4D Molecular Therapeutics•Emeryville, CA

7h•$51 - $64•Hybrid

About The Position

4DMT is a leading late-stage biotechnology company advancing durable and disease-targeted therapeutics with potential to transform treatment paradigms and provide unprecedented benefits to patients. The Company’s lead product candidate 4D-150 is designed to be a backbone therapy forming the foundation of treatment of blinding retinal vascular diseases by providing multi-year sustained delivery of anti-VEGF (aflibercept and anti-VEGF-C) with a single, safe, intravitreal injection, which substantially reduces the treatment burden associated with current bolus injections. The Company’s lead indication for 4D-150 is wet age-related macular degeneration, which is currently in Phase 3 development, and second indication is diabetic macular edema. The Company’s second product candidate is 4D-710, which is the first known genetic medicine to demonstrate successful delivery and expression of the CFTR transgene in the lungs of people with cystic fibrosis after aerosol delivery. GENERAL SUMMARY 4DMT is hiring a Sr. Quality Specialist, Document & Records Management. Reporting to the Senior Manager, Quality Document & Records Management, the Sr. Quality Specialist will be responsible for ensuring 4DMT's Quality Document & Records Management is designed and executed in an efficient, compliant, and inspection ready manner. This individual will support the Senior Manager, Quality Document & Records Management for the quality document and records management system, ensuring compliance with applicable GxP regulations, industry standards, and internal policies. In addition to driving process improvements and system optimization, this role will perform operational tasks to support document and record lifecycles.
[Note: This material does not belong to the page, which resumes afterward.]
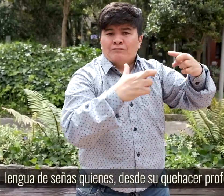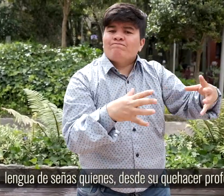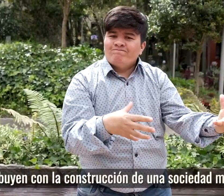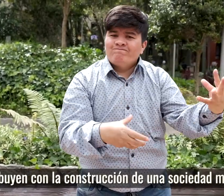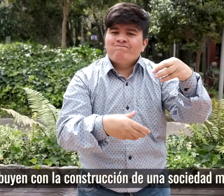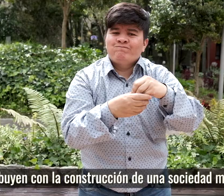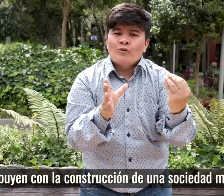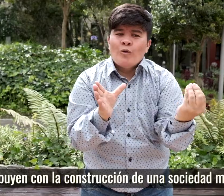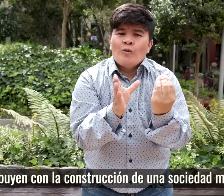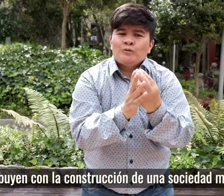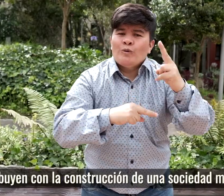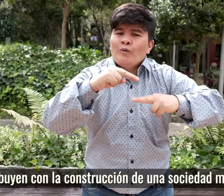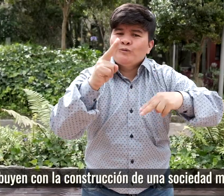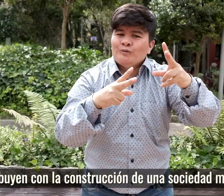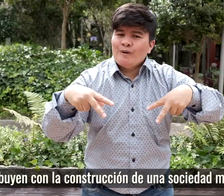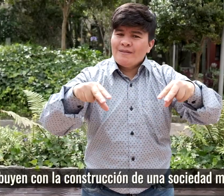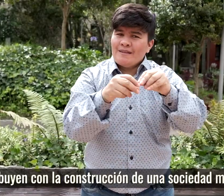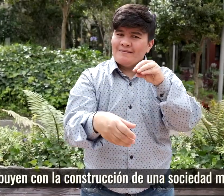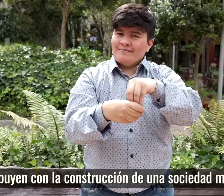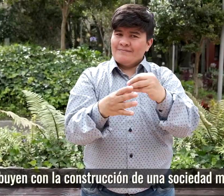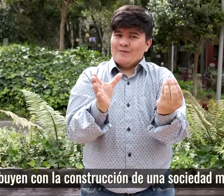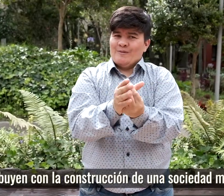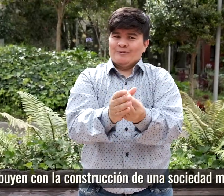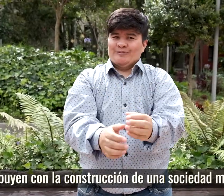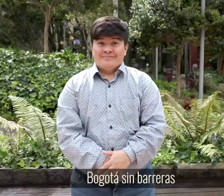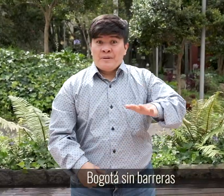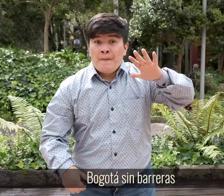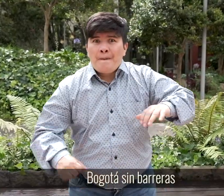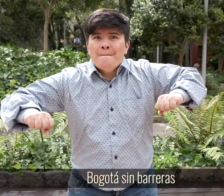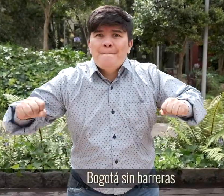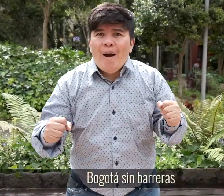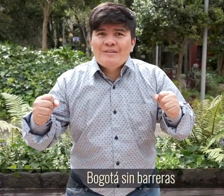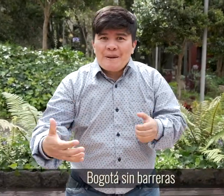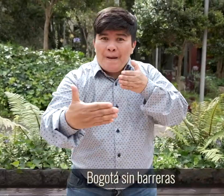contribuyen con la construcción de una sociedad más incluyente. Bogotá, sin barreras.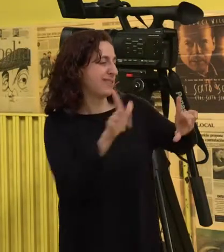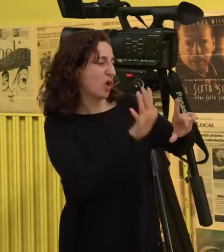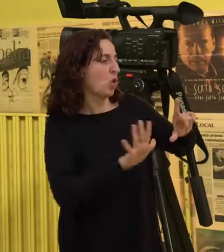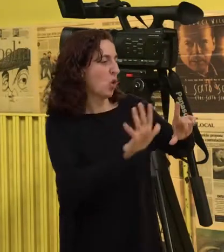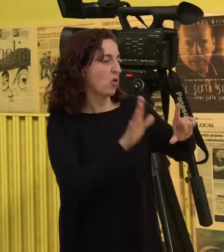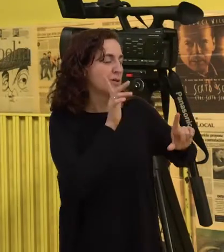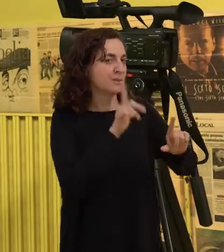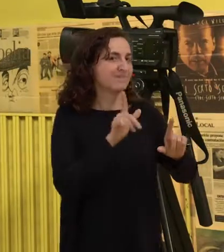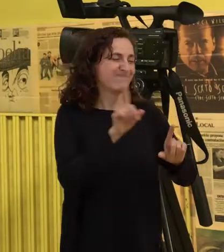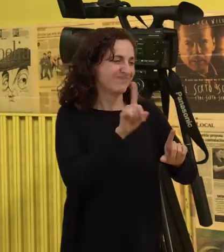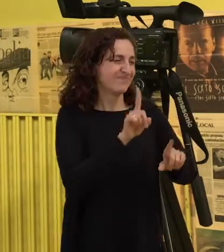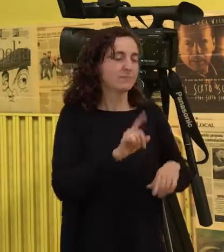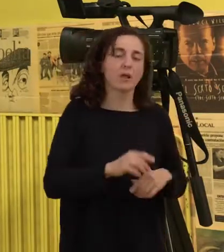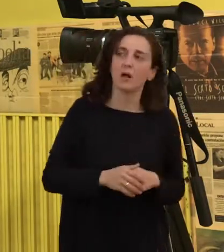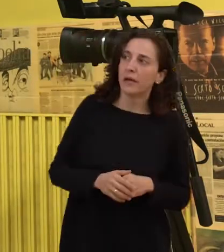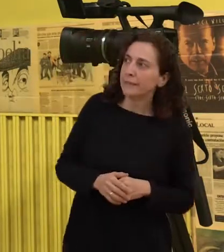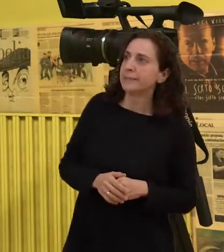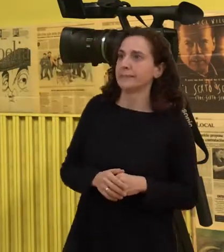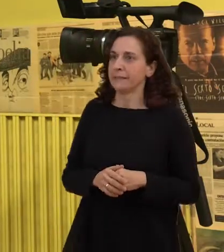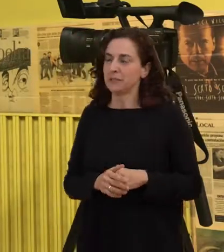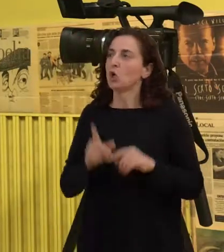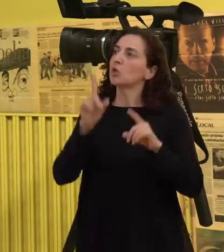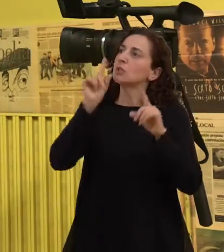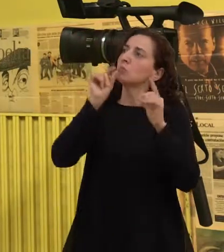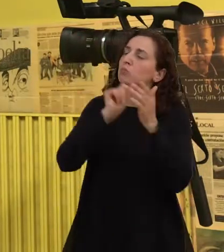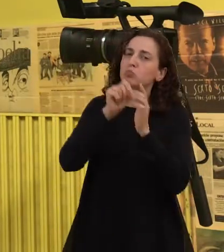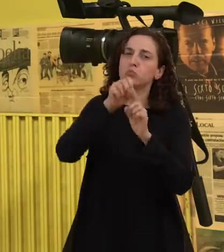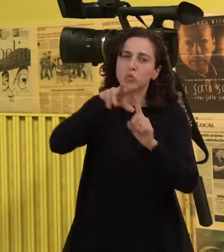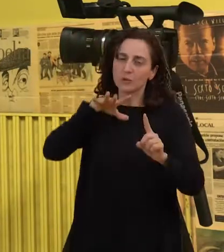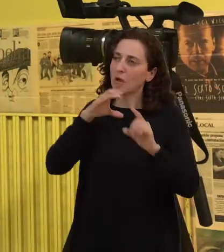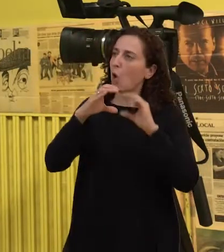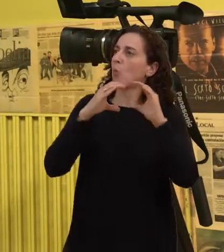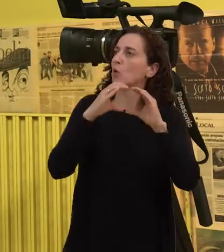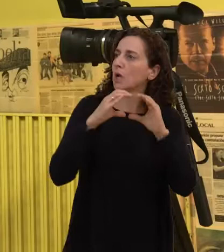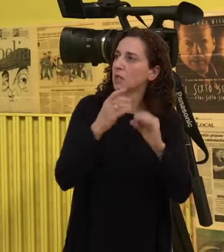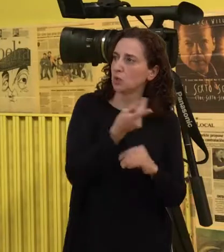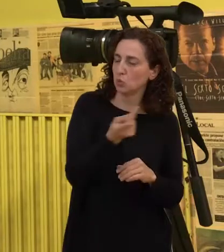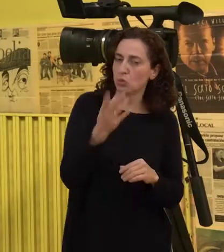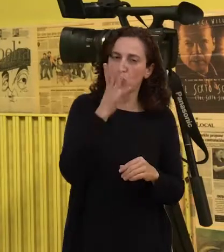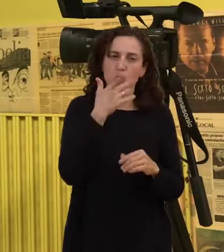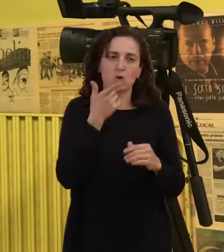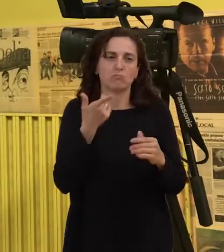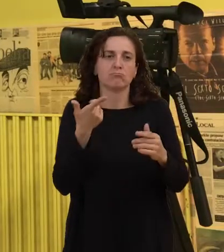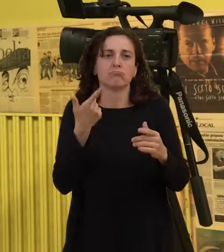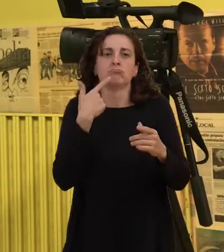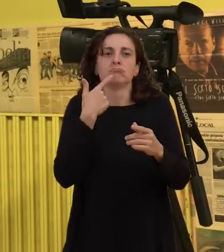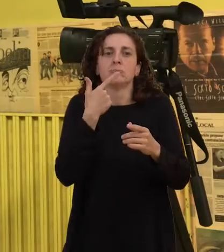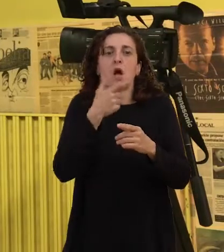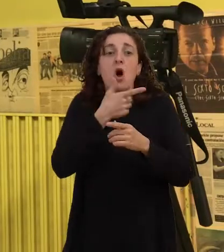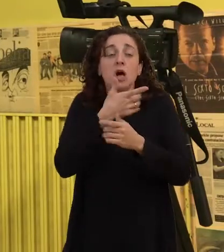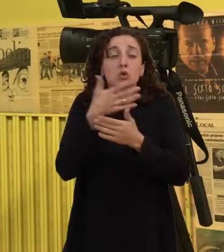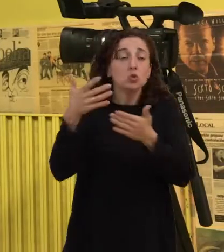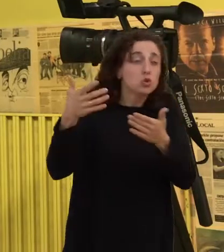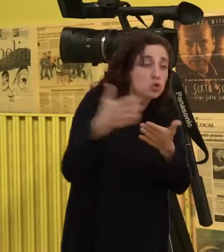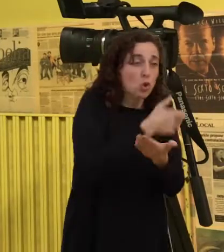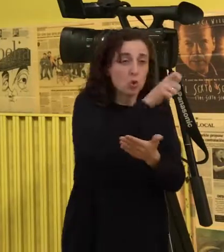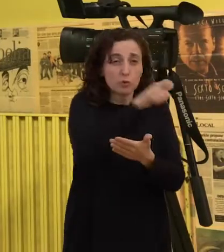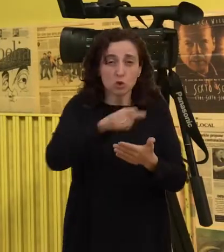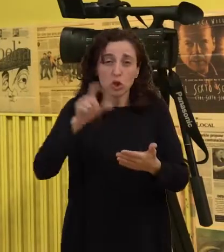punto de vista comunicativo, porque non alcanza a llegar a toda a población destino,

This role is hybrid and will require regularly scheduled time on-site at 4DMT's Emeryville office at least 3x a week.

Requirements

Bachelor’s degree required, preferably in a scientific, technical, or related field.
6+ years of experience in document control and records management within the biotech, pharmaceutical, or medical device industry
2+ years in a hands-on system and/or process ownership role for a GxP EDMS (e.g., ACE, MasterControl, Veeva, etc.).
2+ years leading or supporting GxP records management operations.
Comprehensive knowledge of FDA, EMA, ICH requirements and industry best practices for document control and records management
Practical experience leading or actively participating in at least 1 EDMS or EQMS system implementation and/or significant enhancement project.
Exposure to audits and health authority inspections ideally in a commercializing biotech environment.
Extensive experience in document formatting using MS Word.
Solid working proficiency in other productivity tools (e.g., Outlook, Teams, SharePoint, Excel, PowerPoint, Forms, DocuSign, Adobe Acrobat).
Basic knowledge of or willing to learn analytical and reporting tools (e.g., PowerBI).
Foundational understanding of change management principles
Excellent interpersonal communication skills both written and verbal.
Highly organized with the ability to multi-task and perform effectively under pressure.
Proven project management, problem-solving, and organizational skills
Demonstrated ability to collaborate, influence, and negotiate effectively.
Motivated to seek out training and mentorship for professional development.

Nice To Haves

Domain knowledge of clinical research and development, manufacturing, quality, and/or IT is highly desirable.

Responsibilities

Serve as the point of contact for the Document Control system and quality-controlled records management.
Support the development, enforcement, and improvement of policies, procedures, work instructions, templates, and forms related to document and records management.
Collaborate closely with stakeholders (e.g., legal, clinical, regulatory, IT) to align record policies and lifecycles across platforms.
Support centralized and decentralized quality-controlled record repositories (physical and electronic) for completeness, integrity, and retrievability.
Support inspection readiness by ensuring all quality-controlled records are accessible, traceable, and compliant with data integrity and protection requirements.
Support record audits, gap assessments, and remediation plans in preparation for regulatory inspections.
Monitor, trend and report document control metrics (e.g., cycle time, overdue documents)
Support internal and external audits and inspections.
Provide guidance and training to system users and support documentation governance across departments.
Perform document intake, advanced formatting, metadata review, routing, publishing, and obsoletion and ensure timely review, approval, and release.
Support the management of periodic reviews of controlled documents.
Advise document control participants on content and format to meet 4DMT procedural requirements, standards, templates, and best practices.
Ensure compliance with document control procedures and applicable regulations.
Collaborate with Quality Training to coordinate document and training lifecycles.
Facilitate quality-controlled records management (e.g., onsite and off-site secure storage, retention, destruction)
Identify and implement innovative methods to increase efficiency of operational tasks.